> **EXERCISE**:
Starting at the line below that contains "Question: If I" and ending at the line that contains "Answer: yes", retype each line exactly as it stands, but omit the pictures.

> **INFORMATION**:
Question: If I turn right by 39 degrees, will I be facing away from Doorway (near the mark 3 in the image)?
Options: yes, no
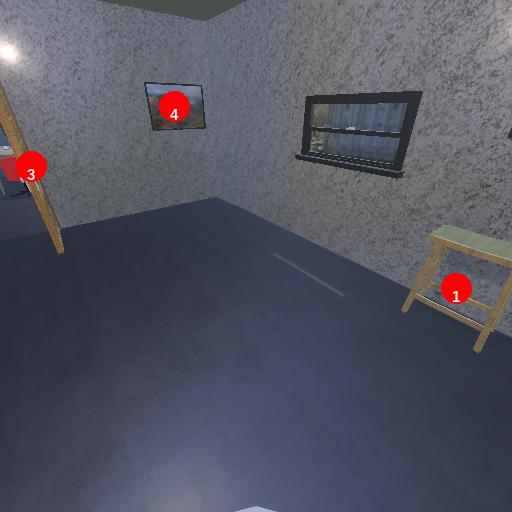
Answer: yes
* * *
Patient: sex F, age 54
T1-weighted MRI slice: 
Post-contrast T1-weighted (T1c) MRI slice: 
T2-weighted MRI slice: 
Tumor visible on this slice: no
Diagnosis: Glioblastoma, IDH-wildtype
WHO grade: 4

> **EXERCISE OUTPUT**:
Question: If I turn right by 39 degrees, will I be facing away from Doorway (near the mark 3 in the image)?
Options: yes, no
Answer: yes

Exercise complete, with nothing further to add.